Last week’s Consumer Price Index reading was a welcome shift in what had been continuous increases month over month and year over year. The September number was +8.2%, meaning that for the same basket of goods and services, prices had risen by 8.2% over the past year. However, this month saw that number “drop” to +7.7%, the lowest annual increase since January, according to CNBC. Some believe this is a sign that perhaps inflation has peaked and might trend toward more reasonable, long-term levels. They think this might give the Fed enough data to slow down the rate at which they’ve been increasing interest rates. I hope this is the case, but “hope” isn’t a financial strategy.
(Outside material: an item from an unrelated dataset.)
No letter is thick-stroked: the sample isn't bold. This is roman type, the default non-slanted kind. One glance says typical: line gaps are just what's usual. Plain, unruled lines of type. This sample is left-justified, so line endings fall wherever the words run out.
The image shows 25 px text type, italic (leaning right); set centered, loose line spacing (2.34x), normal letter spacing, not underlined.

Even if inflation has peaked, goods and services are still +7.7% higher than a year ago, at which time they were already much higher than the year before. If companies and consumers continue to adapt to higher prices, all we’ve done is hit a new price plateau. By raising the cost of money (interest rates), the Fed has seemingly applied enough “brake” to slow us down momentarily. Unfortunately, continuing to raise the price of money puts us at an ever-increasing risk of a longer and deeper recession. I don’t believe that method of fighting inflation works.
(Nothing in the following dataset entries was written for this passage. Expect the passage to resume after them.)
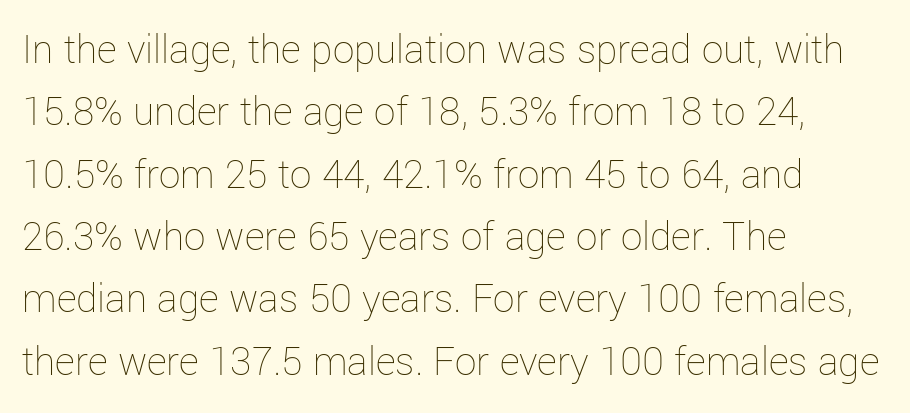
Underlining? Definitely not there. Leading matches the norm, producing a regular column. No extra ink here — the face is not bold. The rag falls on the right side of this text block. You can tell it's not italic because the verticals are truly vertical. Here the designer chose a conventional face with non-uniform glyph widths.
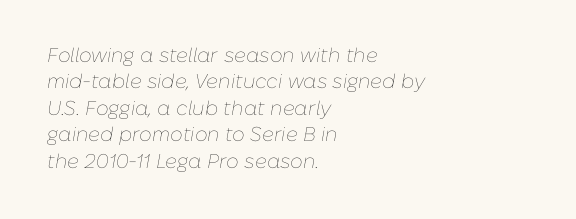
Slanted lettering throughout. Counters stay open thanks to moderate or lighter strokes. Regular leading. Alignment: flush left.
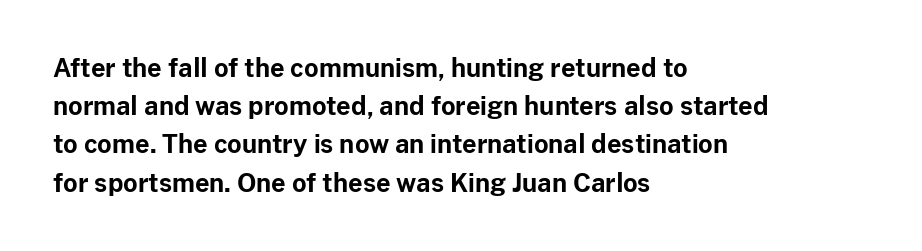
Q: Is the text bold? A: Yes.
Q: Is the text italic (slanted)? A: No, it is upright.
Q: Is the text underlined? A: No.
Q: How is the paragraph aligned? A: Left-aligned.
Q: Is the spacing between letters normal or unusually wide? A: Normal.
Q: Is the spacing between lines tight, normal or loose? A: Normal.
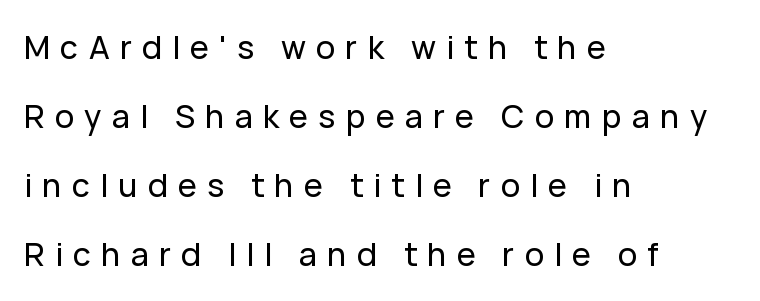
{"serif": "no", "italic": "no", "width": "normal", "stroke_contrast": "low", "x_height": "medium", "monospaced": "no", "underline": "no", "align": "left", "line_spacing": "loose", "line_spacing_ratio": 2.16, "letter_spacing": "wide", "letter_spacing_em": 0.32, "glyph_px": 32}
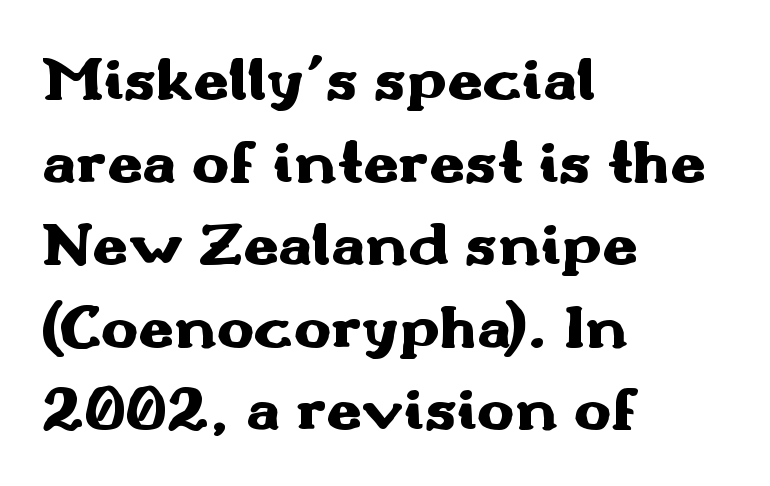
Ordinary non-slanted type is in use. This sample has the flowing, uneven cadence of proportional lettering. Letterform terminals end flat and unadorned throughout the passage. Tracking here is standard; glyphs follow each other at the usual distance.
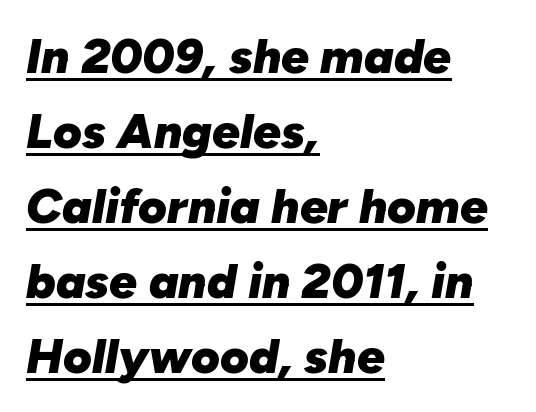
This sample keeps an unexceptional amount of space between lines. The letters advance in unequal steps, a hallmark of proportional type. The specimen reads as italic at a glance. Notice how a bar underscores the lettering throughout.
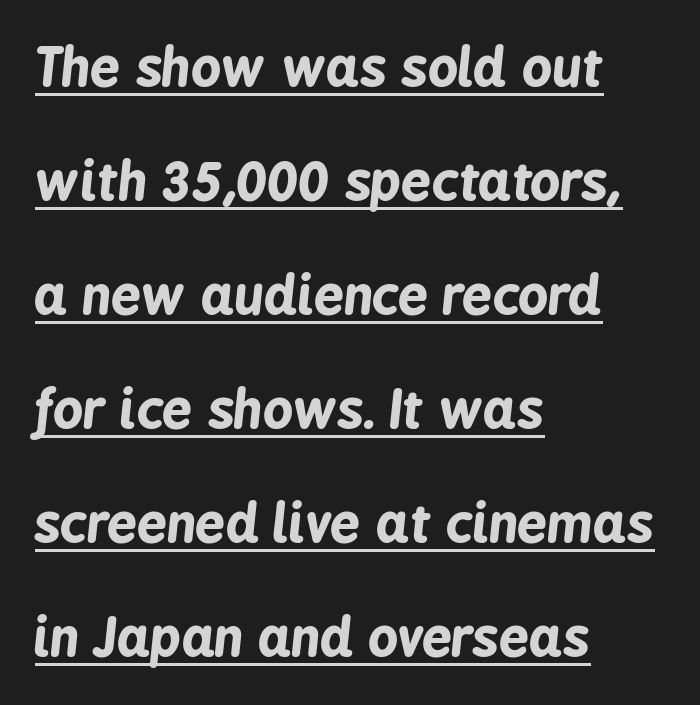
Every character sits at an angle, as italics do. Each word holds together tightly as a unit, with standard inter-letter gaps. Visually the block forms a straight wall on the left and a jagged coastline on the right. Think of a printed novel: that variable character pitch is what you see here. Compared with undecorated copy, this sample adds a rule below the words. Each new line begins a long way beneath the previous one.
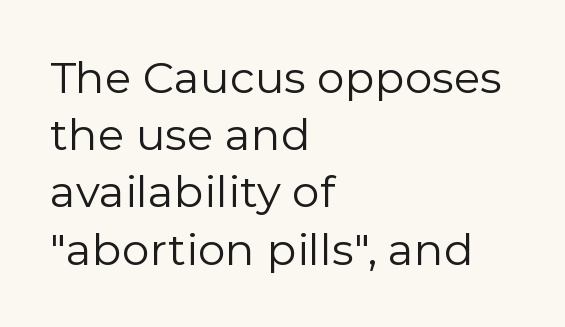
The characters are drawn with everyday or finer stroke widths. Check the space under the baseline: it is left empty. This is the regular roman posture of the typeface. Unlike a traditional serif, this face leaves its strokes unadorned. The horizontal fit of the characters is conventional and even.
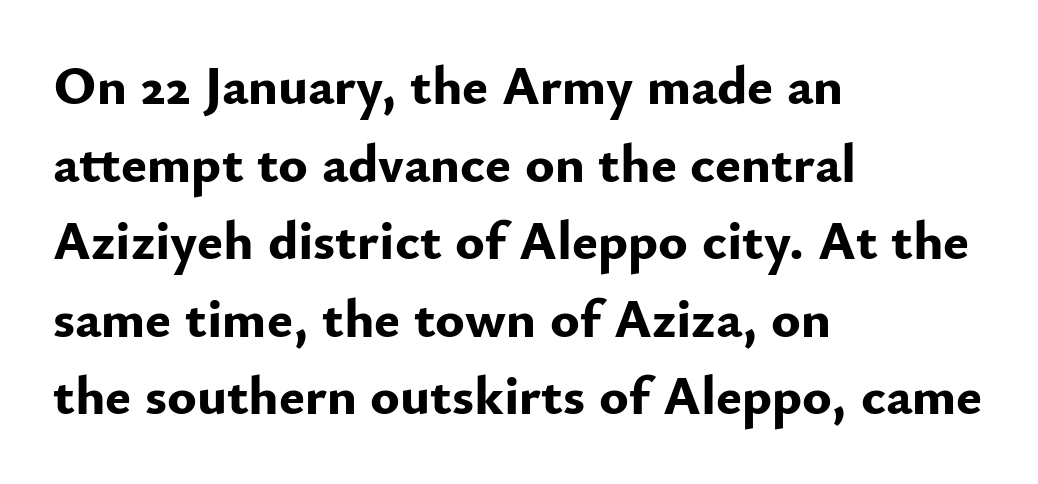
The image shows 55 px bold sans-serif type, upright; set left-aligned, normal line spacing (1.41x), normal letter spacing, not underlined; low stroke contrast and a small x-height.

For many years, consumers got drunk on the idea of cheap money. Cash is trash was a popular saying. While the Fed kept interest rates near 0% for too long, swinging the pendulum to the other extreme is unlikely to fix the problem.

Instead, I believe we need to increase our productivity to lower prices. Readers also know of our inflation analogy of apples: If the economy is 10 apples, and there is $10 in the economy, the price per apple is $1. When the government printed and pushed 40% more dollars into the economy over the past two years, that $10 increased the money supply to $14, but the economy still produced the same 10 apples. The price per apple is now $1.40. Now, that’s inflation! Raising interest rates or the cost of money will not cause the price per apple to fall but growing more apples will. If we grow 14 apples and have $14 in the economy, the price per apple will fall to $1. The solution is to increase productivity, produce more goods and services, de-regulate, lower the friction between business and people, and incentivize growth. That is the solution.
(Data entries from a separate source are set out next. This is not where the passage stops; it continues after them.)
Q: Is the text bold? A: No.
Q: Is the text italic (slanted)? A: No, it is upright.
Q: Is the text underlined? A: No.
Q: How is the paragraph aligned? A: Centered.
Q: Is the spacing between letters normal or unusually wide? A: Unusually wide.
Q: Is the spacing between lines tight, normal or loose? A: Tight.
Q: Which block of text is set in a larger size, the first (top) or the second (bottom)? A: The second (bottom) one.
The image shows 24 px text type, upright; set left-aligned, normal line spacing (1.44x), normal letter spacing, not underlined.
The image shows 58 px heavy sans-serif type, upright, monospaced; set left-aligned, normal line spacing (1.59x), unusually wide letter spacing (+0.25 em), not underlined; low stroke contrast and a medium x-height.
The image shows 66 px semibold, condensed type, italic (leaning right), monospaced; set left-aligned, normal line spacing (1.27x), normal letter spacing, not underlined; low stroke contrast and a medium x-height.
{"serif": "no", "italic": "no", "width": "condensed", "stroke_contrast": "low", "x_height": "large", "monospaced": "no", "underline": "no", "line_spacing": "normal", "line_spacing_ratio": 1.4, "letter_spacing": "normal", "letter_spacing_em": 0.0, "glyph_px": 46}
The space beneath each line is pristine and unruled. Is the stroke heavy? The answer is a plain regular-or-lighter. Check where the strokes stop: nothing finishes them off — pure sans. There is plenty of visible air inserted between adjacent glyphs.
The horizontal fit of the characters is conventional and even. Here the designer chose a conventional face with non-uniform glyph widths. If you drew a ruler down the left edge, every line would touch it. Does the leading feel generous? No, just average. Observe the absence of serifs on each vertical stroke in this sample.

The definition of entrepreneurship is taking some raw material or product and creatively adapting it to a new, higher-valued level. There are so many opportunities in our economy. Innovators wake up every day thinking about how to do things faster, easier, better, and cheaper to raise value for consumers and businesses. Our way out of inflation is not by making it more complicated or expensive to do business but rather by tearing down the barriers that make starting and growing a business so difficult.

We need to grow our way out of inflation.

Steve Booren is the founder of Prosperion Financial Advisors in Greenwood Village. He is the author of “Intelligent Investing: Your Guide to a Growing Retirement Income.” He was named by Forbes as a 2021 Best-in-State Wealth Advisor, and a Barron’s 2021 Top Advisor by State. This column is not intended to provide specific investment advice or recommendations.